As part of the presentation, I discussed some problems that I had in the past with obtaining well-organized news corpora that are both comprehensive and also easily accessible using standard tools. Factiva has an excellent database of articles, exported in a richly annotated XML format but unfortunately Factiva prohibits data mining of the content of its archives.
The librarians in the conference were very helpful in offerring suggestions and acknowledging that providing content for data mining purposes should be one of the goals of any preservation effort.
So, yesterday I received an email from Dorothy Carner informing me about the availability of The New York Times Corpus, a corpus of 1.8 million articles from The New York Times, dating from 1987 until 2007. The details are available from http://corpus.nytimes.com but let me repeat some of the interesting facts here (the emphasis below is mine):
Yes, 1.8 million articles, in richly annotated XML, with summaries, with hierarchically categorized articles, and with verified annotations of people, locations, and organizations! Expect the corpus to be a de facto standard for many text-centric research efforts! Hopefully more organizations are going to follow the example of New York Times and we are going to see such publicly available corpora from other high-quality sources. (I know that Associated Press has an archive of almost 1Tb of text, in computerized form, and hopefully we will see something similar from them as well.)
The New York Times Annotated Corpus is a collection of over 1.8 million articles annotated with rich metadata published by The New York Times between January 1, 1987 and July 19, 2007.

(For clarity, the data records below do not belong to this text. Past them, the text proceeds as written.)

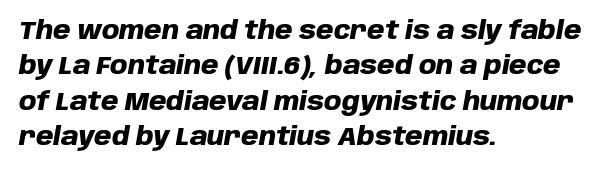
Q: Is the text bold? A: Yes.
Q: Is the text italic (slanted)? A: Yes, it leans right by about 10 degrees.
Q: Is the text underlined? A: No.
Q: How is the paragraph aligned? A: Left-aligned.
Q: Is the spacing between letters normal or unusually wide? A: Normal.
Q: Is the spacing between lines tight, normal or loose? A: Normal.
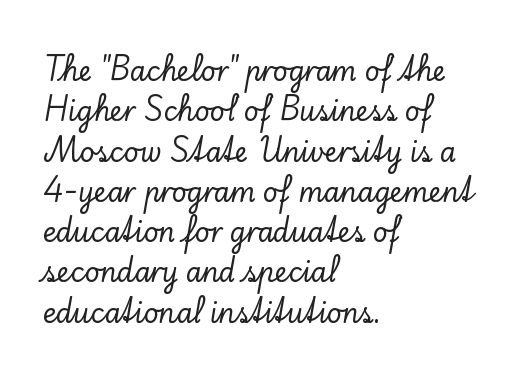
The image shows 26 px text type; set left-aligned, normal line spacing (1.55x), normal letter spacing, not underlined.
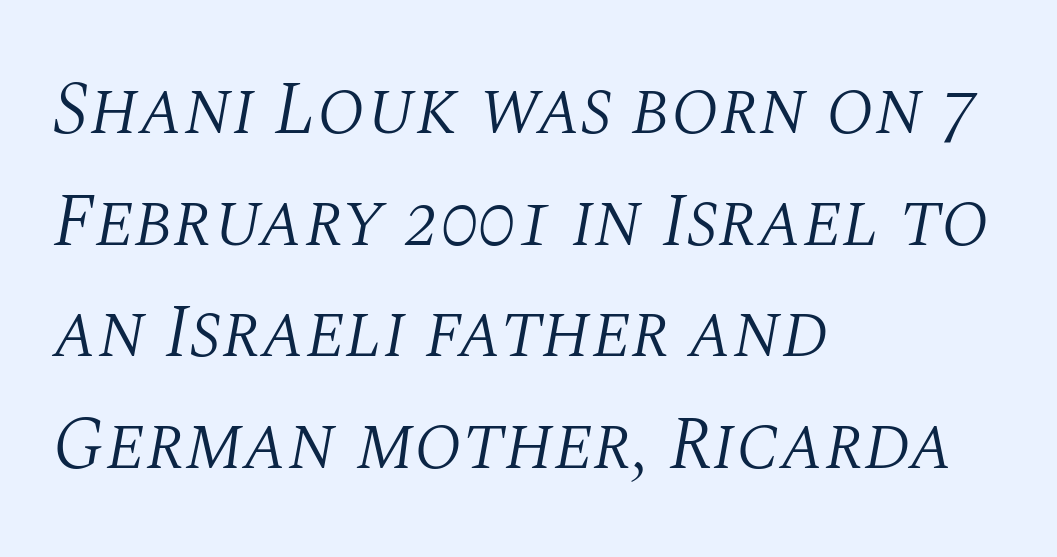
These lines are rendered in a variable-pitch font. Stems and bowls with no extra thickness — not bold. Underlining? Definitely not there. The glyphs in this specimen are seriffed.
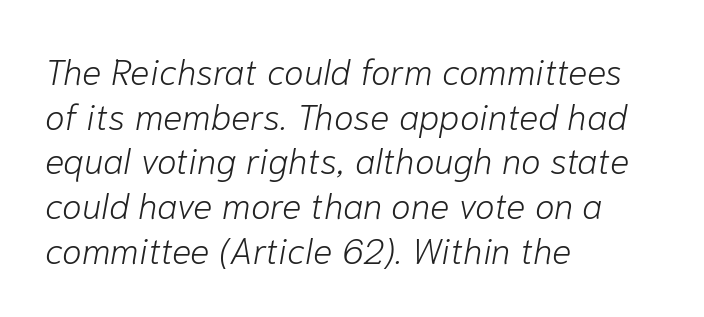
Q: Is the text bold? A: No.
Q: Is the text italic (slanted)? A: Yes, it leans right by about 10 degrees.
Q: Is the text underlined? A: No.
Q: How is the paragraph aligned? A: Left-aligned.
Q: Is the spacing between letters normal or unusually wide? A: Normal.
Q: Width (condensed, normal, or wide)? A: Normal.
Q: Stroke contrast? A: Low.
Q: x-height? A: Medium.
Q: Monospaced? A: No.
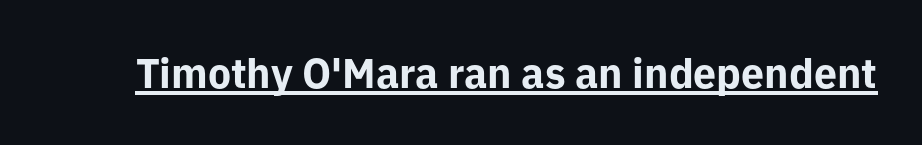
Q: Is the text bold? A: Yes.
Q: Is the text italic (slanted)? A: No, it is upright.
Q: Is the typeface a serif or a sans-serif typeface? A: Sans-serif.
Q: Is the text underlined? A: Yes.
Q: Is the spacing between letters normal or unusually wide? A: Normal.
Q: Width (condensed, normal, or wide)? A: Normal.
Q: Stroke contrast? A: Low.
Q: x-height? A: Medium.
Q: Monospaced? A: No.
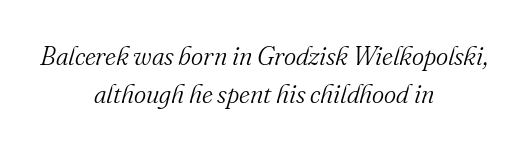
{"italic": "yes", "lean": "right", "slant_degrees": 16, "bold": "no", "underline": "no", "align": "center", "line_spacing": "normal", "line_spacing_ratio": 1.46, "letter_spacing": "normal", "letter_spacing_em": 0.0, "glyph_px": 26}
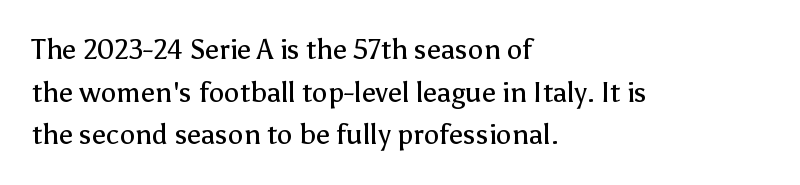
Tracking value appears to be zero — textbook default spacing. Alignment: flush left. In terms of letterform style, serifs are entirely absent. The weight tops out at a normal text grade.
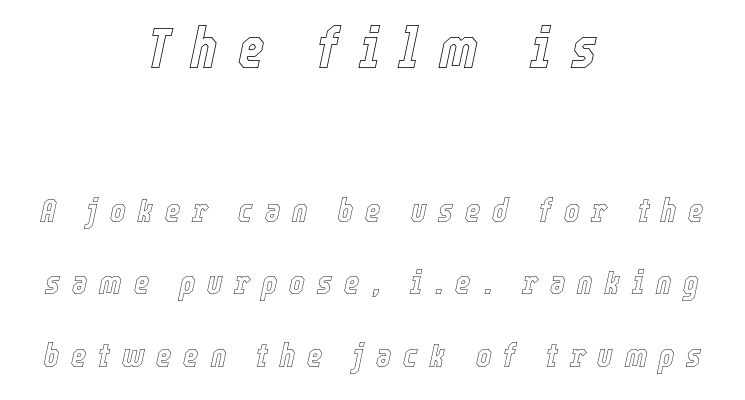
Character widths vary here, with narrow letters taking less room than wide ones. The lines in this sample share a center point and differ in where they start and stop. There's an unmistakable incline to the writing here. Each word looks stretched out because of the extra space between its letters. Two sizes are in play, and the larger belongs to the first block. Descenders hang freely into open space.
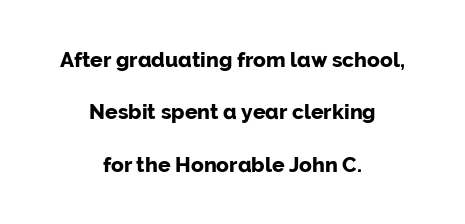
Quick note: underline off. The letters stand straight up with perfectly vertical stems. Does the copy run flush right? No — it is centered line by line. Baseline-to-baseline distance is far greater than the letter height.
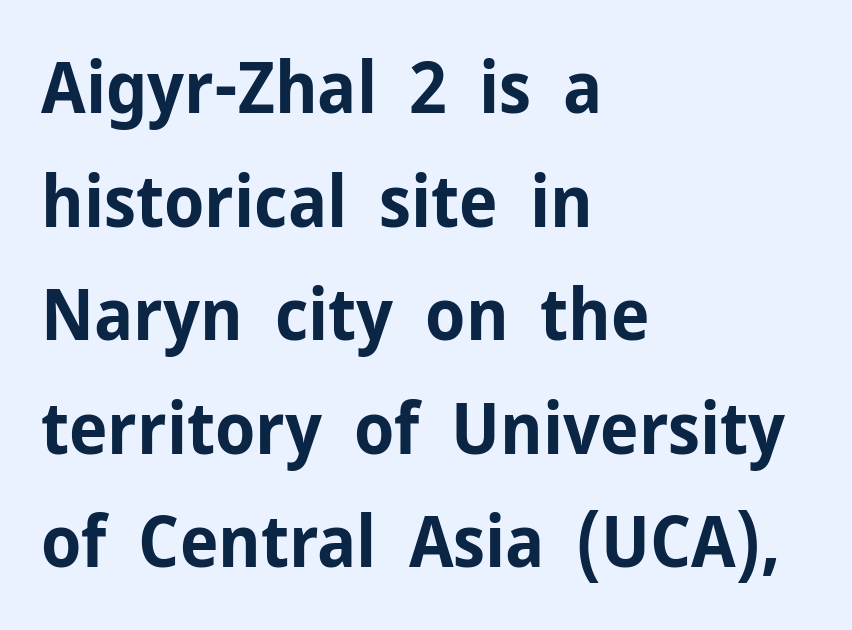
Q: Is the text bold? A: Yes.
Q: Is the text italic (slanted)? A: No, it is upright.
Q: Is the typeface a serif or a sans-serif typeface? A: Sans-serif.
Q: Is the text underlined? A: No.
Q: How is the paragraph aligned? A: Left-aligned.
Q: Is the spacing between letters normal or unusually wide? A: Normal.
Q: Is the spacing between lines tight, normal or loose? A: Normal.
Q: Width (condensed, normal, or wide)? A: Normal.
Q: Stroke contrast? A: Low.
Q: x-height? A: Medium.
Q: Monospaced? A: No.

With over 650,000 individually written summaries and 1.5 million manually tagged articles, The New York Times Annotated Corpus has the potential to be a valuable resource for a number of natural language processing research areas, including document summarization, document categorization and automatic content extraction.
The corpus is provided as a collection of XML documents in the News Industry Text Format (NITF). Developed by a consortium of the world’s major news agencies, NITF is an internationally recognized standard for representing the content and structure of news documents. To learn more about NITF please visit the NITF website.
Highlights of The New York Times Annotated Corpus include:
- Over 1.8 million articles written and published between January 1, 1987 and June 19, 2007.
- Over 650,000 article summaries written by the staff of The New York Times Index Department.
- Over 1.5 million articles manually tagged by The New York Times Index Department with a normalized indexing vocabulary of people, organizations, locations and topic descriptors.
- Over 275,000 algorithmically-tagged articles that have been hand verified by the online production staff at NYTimes.com.
- Java tools for parsing corpus documents from xml into a memory resident object.
To learn more about The New York Times Annotated Corpus please read the PDF Overview.
How can you get the corpus? It is available from LDC, for 300 USD for non-members; members should get this for free.
I am looking forward to receiving the corpus and start playing!